Each line of the data below between the one containing "The image shows 42" and the one containing "The image shows 23", both included, is to be repeated exactly. Please omit pictures.

Segment Start: Task data

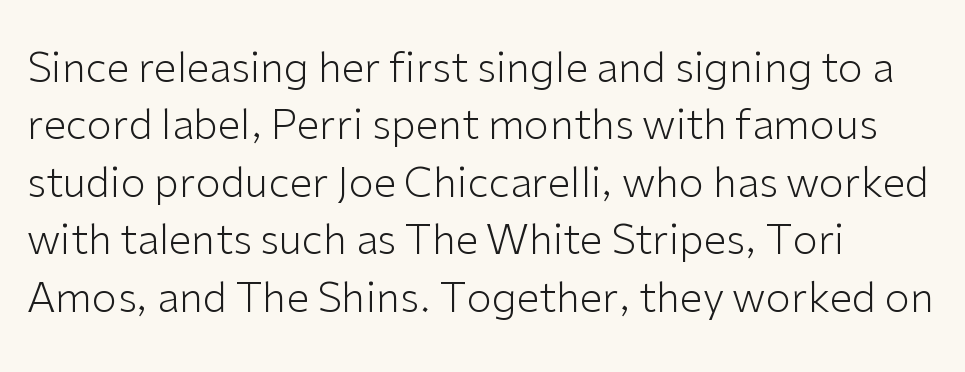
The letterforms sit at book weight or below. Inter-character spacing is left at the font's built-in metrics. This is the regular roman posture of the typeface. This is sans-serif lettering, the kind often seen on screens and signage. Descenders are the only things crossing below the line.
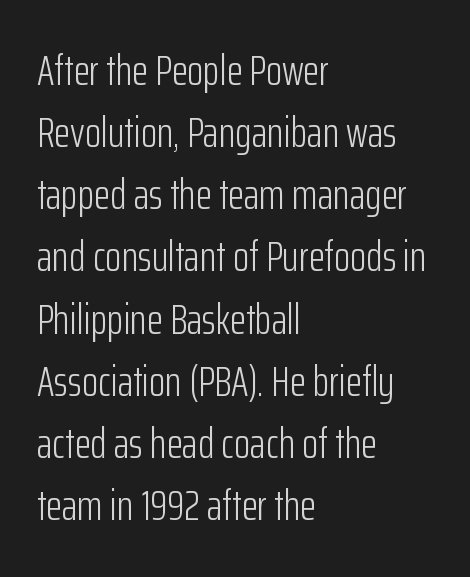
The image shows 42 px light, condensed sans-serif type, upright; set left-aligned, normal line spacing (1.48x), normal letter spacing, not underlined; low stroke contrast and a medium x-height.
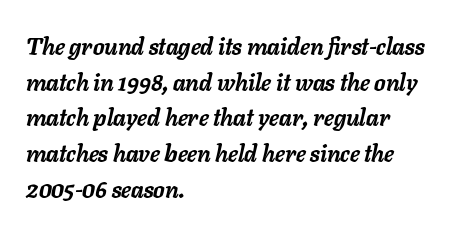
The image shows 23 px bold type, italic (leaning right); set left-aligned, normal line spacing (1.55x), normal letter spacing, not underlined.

Segment End: Task data
Segment Start: Task data

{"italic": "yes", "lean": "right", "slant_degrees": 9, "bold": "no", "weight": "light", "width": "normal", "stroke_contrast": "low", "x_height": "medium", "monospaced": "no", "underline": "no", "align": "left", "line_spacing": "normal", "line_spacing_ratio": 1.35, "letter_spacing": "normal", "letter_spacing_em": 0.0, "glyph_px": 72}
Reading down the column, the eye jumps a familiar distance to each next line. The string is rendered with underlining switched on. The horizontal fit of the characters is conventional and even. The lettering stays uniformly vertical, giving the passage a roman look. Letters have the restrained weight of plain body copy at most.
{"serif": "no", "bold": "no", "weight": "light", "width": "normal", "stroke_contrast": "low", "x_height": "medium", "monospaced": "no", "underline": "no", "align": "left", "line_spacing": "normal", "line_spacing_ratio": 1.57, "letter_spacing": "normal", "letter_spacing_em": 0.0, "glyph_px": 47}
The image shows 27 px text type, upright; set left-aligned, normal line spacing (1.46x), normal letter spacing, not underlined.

Segment End: Task data
Segment Start: Task data

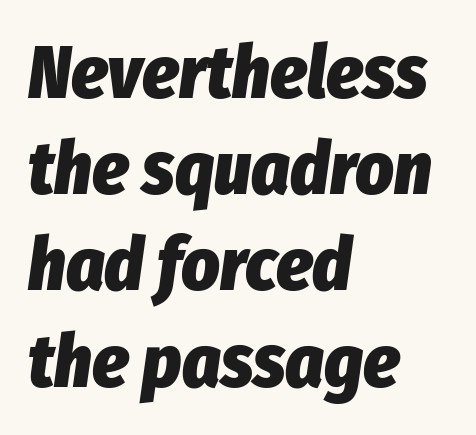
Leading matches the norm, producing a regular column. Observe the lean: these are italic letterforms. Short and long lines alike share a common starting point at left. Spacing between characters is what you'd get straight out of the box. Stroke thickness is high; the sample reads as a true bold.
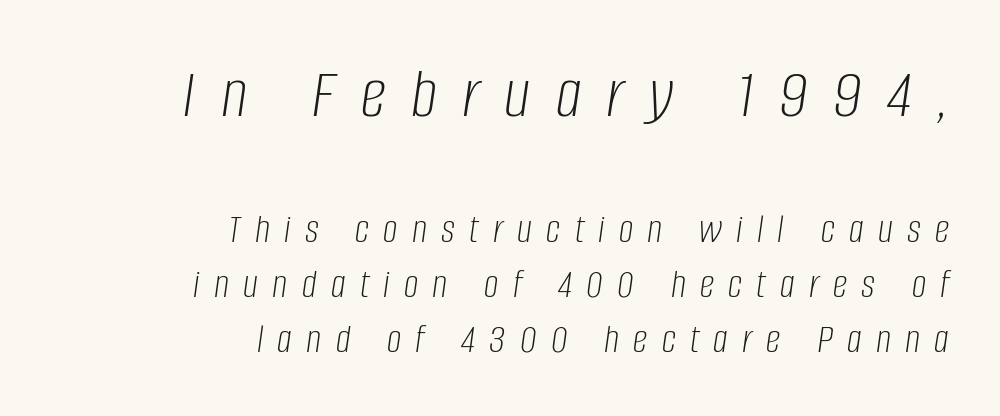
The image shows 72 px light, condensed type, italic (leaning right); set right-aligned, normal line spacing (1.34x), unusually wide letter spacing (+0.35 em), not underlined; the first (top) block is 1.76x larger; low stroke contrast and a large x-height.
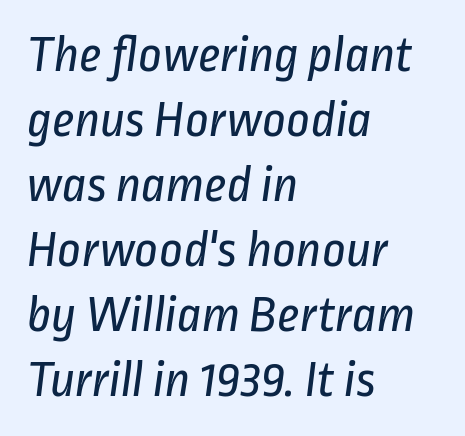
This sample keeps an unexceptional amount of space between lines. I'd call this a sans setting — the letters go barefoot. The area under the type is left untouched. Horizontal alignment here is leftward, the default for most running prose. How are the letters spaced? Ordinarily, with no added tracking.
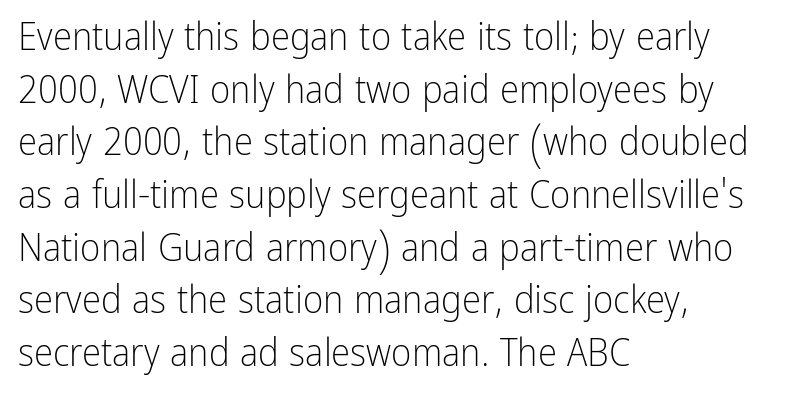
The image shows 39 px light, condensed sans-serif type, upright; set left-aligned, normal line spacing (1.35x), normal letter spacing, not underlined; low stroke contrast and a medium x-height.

Segment End: Task data

Output for this exercise:
The image shows 42 px light, condensed sans-serif type, upright; set left-aligned, normal line spacing (1.48x), normal letter spacing, not underlined; low stroke contrast and a medium x-height.
The image shows 23 px bold type, italic (leaning right); set left-aligned, normal line spacing (1.55x), normal letter spacing, not underlined.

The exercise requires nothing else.